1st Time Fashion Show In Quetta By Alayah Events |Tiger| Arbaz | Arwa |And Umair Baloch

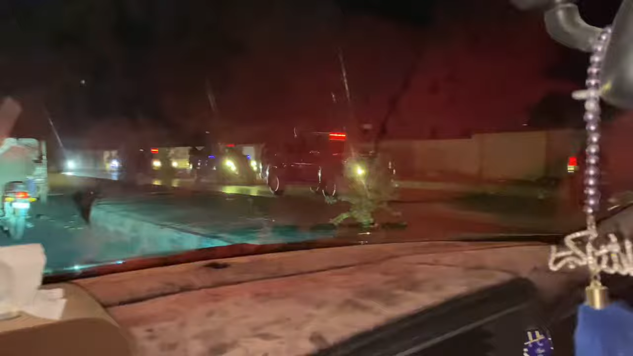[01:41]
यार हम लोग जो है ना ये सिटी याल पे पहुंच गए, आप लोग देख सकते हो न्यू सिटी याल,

> **Aim of the exercise**
Without copying any picture, repeat the full listing above word for word.

> **Answer box**
1st Time Fashion Show In Quetta By Alayah Events |Tiger| Arbaz | Arwa |And Umair Baloch

[01:41]
यार हम लोग जो है ना ये सिटी याल पे पहुंच गए, आप लोग देख सकते हो न्यू सिटी याल,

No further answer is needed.